One of last year's most celebrated re-releases, J.-P. Melville's Army of Shadows played like a dark, dreary punch to the gut. This year, Rialto Pictures treats us to more of an ornery prick of the finger or a chill down the spine in the form of Le Doulos.

Full of cheap thrills and clever twists, Le Doulos presents a similarly doomed cast of characters, but from the standard film noir milieu (gangsters and the cops who tail them) rather than Shadows' harrowingly grim band of freedom-fighters. Melville shot his wartime France in leaden gray tones, but here Belmondo and company flit between light and dark, right from the opening scene where Serge Reggiani's recent parolee, Maurice Faugel, emerges from underneath an elevated railway, strolling forward half in sunlight, half in shadow.

When Maurice meets his benefactor, a man who says he has a job for him, a small flame flickers on the table. Later in an outside view of the house we see a stumbled-into lamp oscillating wildly in their room, or rather the effect of the lamp as the window changes from light to dark and back again. Indeed, even the climactic shooting (the last in a long series) plays out in a darkly humorous mistaken-identity silhouette.

Jean-Paul Belmondo's Silien makes a striking entrance with his face entirely shrouded by a hat underneath an overhead light in the hallway outside the apartment of Maurice's girl. Dialogue in an earlier scene had led us to believe that he was something of a traitor, though as with anyone else in the picture, we find it necessary to hedge our bets about his loyalty until the end. He emerges, naturally, with the smile of a Cheshire cat.

Melville keeps our view of the crooks' hidden alliances shifting constantly, including kindhearted cops and old girlfriends who either make themselves useful or get in the way and wind up dead. The score is restrained and contemplative, as if we're meant to be coolly studying the intricacies of these underworld ties, attempting to solve the puzzle of who will earn the last laugh, perhaps with a whiskey in hand, much like the one Silien holds while he seduces and then tortures the girl in her apartment for vital information.

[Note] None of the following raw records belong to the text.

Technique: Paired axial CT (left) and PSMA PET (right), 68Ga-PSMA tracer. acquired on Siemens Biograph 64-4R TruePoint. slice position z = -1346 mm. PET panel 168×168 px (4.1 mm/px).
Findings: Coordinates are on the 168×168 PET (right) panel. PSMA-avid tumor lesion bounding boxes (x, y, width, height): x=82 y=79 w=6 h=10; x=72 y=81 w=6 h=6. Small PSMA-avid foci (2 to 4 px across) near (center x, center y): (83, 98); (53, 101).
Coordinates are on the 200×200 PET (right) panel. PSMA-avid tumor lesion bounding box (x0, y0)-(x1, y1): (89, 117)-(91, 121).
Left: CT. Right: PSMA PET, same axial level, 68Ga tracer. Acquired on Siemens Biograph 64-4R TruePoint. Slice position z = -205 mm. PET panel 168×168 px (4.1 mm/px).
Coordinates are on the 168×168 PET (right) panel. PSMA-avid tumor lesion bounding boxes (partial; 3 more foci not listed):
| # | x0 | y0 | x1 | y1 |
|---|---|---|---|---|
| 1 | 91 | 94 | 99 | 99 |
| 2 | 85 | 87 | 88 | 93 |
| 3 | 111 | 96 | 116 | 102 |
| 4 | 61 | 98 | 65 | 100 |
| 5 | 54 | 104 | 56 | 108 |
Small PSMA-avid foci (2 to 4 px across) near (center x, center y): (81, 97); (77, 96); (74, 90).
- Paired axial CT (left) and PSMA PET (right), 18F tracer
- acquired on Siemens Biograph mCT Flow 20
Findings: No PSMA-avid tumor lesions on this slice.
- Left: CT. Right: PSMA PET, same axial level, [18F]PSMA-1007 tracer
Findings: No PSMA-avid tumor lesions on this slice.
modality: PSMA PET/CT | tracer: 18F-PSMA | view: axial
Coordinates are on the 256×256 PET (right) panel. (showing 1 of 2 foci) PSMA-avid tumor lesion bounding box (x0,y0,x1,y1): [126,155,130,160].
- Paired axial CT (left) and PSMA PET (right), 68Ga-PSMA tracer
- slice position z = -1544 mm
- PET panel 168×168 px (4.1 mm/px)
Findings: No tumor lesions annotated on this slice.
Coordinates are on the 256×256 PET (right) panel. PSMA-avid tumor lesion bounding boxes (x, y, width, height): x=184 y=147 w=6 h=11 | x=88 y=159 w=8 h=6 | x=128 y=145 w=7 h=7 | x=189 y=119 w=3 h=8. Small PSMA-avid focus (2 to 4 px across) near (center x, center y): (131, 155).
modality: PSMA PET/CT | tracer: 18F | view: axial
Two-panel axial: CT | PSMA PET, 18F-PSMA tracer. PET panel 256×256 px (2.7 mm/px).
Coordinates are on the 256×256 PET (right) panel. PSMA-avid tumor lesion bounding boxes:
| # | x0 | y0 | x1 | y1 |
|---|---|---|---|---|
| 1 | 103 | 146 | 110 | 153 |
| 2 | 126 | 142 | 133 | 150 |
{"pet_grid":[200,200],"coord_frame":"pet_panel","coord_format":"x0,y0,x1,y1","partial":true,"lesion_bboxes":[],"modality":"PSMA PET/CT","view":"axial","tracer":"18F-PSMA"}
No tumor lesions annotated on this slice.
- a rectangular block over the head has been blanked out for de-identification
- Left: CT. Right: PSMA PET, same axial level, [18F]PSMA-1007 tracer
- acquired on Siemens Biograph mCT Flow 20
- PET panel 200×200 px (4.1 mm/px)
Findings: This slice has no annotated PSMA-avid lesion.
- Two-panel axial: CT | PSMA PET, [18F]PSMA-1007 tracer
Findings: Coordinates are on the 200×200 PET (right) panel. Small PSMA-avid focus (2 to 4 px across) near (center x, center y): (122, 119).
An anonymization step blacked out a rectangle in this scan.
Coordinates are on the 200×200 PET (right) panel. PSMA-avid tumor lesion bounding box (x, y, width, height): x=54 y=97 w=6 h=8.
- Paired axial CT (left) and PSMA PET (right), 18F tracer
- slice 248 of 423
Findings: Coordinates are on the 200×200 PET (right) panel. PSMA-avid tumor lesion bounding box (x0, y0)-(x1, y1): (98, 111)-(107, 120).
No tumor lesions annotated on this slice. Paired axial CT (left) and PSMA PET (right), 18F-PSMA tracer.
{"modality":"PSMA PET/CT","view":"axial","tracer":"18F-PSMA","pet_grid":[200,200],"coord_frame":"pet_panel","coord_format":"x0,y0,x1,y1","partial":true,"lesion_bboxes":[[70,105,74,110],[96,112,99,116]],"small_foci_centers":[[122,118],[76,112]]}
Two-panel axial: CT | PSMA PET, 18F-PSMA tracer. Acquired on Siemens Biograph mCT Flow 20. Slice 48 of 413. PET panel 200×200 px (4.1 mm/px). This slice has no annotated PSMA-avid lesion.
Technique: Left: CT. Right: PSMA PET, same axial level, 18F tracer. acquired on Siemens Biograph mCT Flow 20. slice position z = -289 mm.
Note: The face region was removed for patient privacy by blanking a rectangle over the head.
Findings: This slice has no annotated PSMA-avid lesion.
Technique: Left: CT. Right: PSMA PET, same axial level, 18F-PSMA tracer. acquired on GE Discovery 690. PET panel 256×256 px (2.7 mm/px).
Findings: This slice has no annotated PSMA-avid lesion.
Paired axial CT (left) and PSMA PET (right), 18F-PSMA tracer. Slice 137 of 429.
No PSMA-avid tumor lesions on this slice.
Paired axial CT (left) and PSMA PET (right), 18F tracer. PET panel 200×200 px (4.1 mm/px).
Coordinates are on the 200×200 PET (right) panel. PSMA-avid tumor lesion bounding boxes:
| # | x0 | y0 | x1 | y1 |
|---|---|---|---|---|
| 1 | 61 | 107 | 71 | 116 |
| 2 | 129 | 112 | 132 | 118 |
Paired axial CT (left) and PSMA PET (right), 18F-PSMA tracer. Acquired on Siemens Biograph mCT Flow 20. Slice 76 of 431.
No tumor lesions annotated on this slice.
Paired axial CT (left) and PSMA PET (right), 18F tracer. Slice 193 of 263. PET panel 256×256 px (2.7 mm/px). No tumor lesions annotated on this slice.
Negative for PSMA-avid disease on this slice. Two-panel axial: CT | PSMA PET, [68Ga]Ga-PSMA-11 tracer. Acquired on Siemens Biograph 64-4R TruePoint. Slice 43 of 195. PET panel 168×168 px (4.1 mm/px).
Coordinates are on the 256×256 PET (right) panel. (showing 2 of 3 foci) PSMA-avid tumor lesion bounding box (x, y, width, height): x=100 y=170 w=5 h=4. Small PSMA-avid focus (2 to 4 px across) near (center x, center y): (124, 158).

Neatly and precisely, the plot eventually folds in on itself. While plenty of poor films have featured a clever plot twist or two, the surprises are a lot of fun and serve as a kind of counterpoint to the atmosphere of casual cruelty that prevails.

Yeah, we've seen these characters play out variations on this same story thousands of times over many decades. First in the US, then in France and so on and so forth around the world. Subway Cinema, producers of the New York Asian Film Festival, declared in their 2007 program notes: "Sometimes Korean cinema feels like a long, unbroken string of interchangeable gangster movies." J. Hoberman even goes so far as to deem Le Doulos ritualistic. Just taking us through the motions of the crime film again would be routine, but directors like Melville elevate the experience by each time supplying fresh ideas and images, somehow remixing the ingredients of an old, familiar recipe into an experience that enlivens the senses and stimulates the imagination.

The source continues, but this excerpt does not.